Cornbelt Conversations
From Nebraska to Ohio, King Corn dominated the landscape of my ride through the country’s heartland. Corn (and soybeans) covered the land with a healthy-looking, verdant blanket. But looks are deceptive.
We grow a lot of corn in the United States; in fact, three times as much today than we did fifty years ago. In 2024, over $66.4 billion dollars of corn was sold in the USA, making it the single largest crop in the country — 96 million acres of monoculture. Much of this increase can be traced back to the farm policy under Richard Nixon’s brash (and bigoted) Secretary of Agriculture, Earl Butz.
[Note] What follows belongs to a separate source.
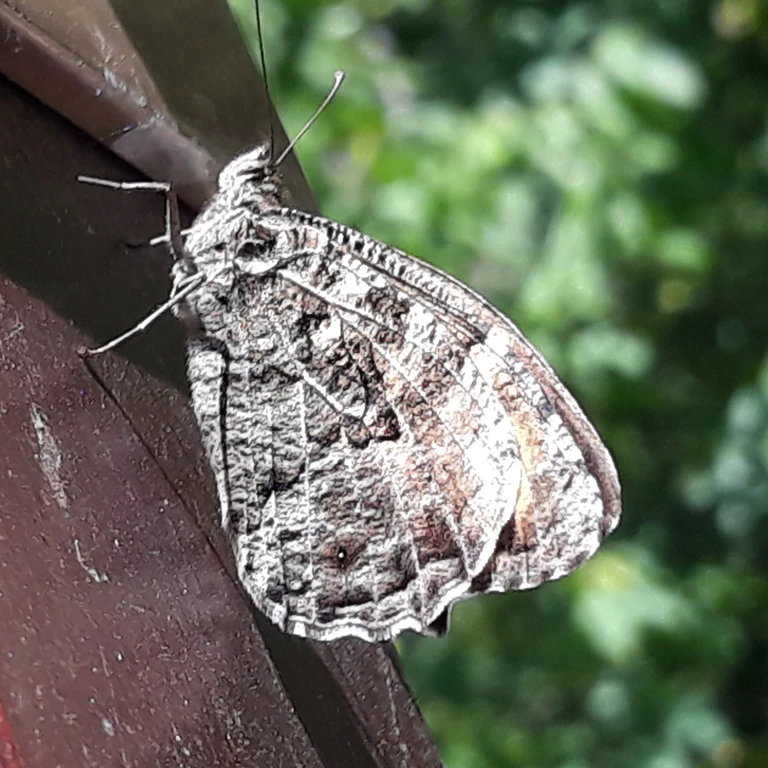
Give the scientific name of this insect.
Hipparchia semele

Farmers were instructed to “get big or get out” and encouraged to plant corn “fence row to fence row.” Part of Butz’s new policy replaced the old where farmers were paid to keep land fallow and instead used subsidies to shield farmers from a drop in prices when supply exceeded demand and (thus creating a perverse incentive where farmers overproduced because it gave them more subsidy dollars). This new surplus of cheap abundant corn needed new markets, which led to the rise of corn syrup to sweeten our drinks, corn-fed beef operations to fatten our cattle, and more recently, ethanol to reduce environmental harm (that is, if you ignore the significant fossil fuel inputs required to produce the corn in the first place).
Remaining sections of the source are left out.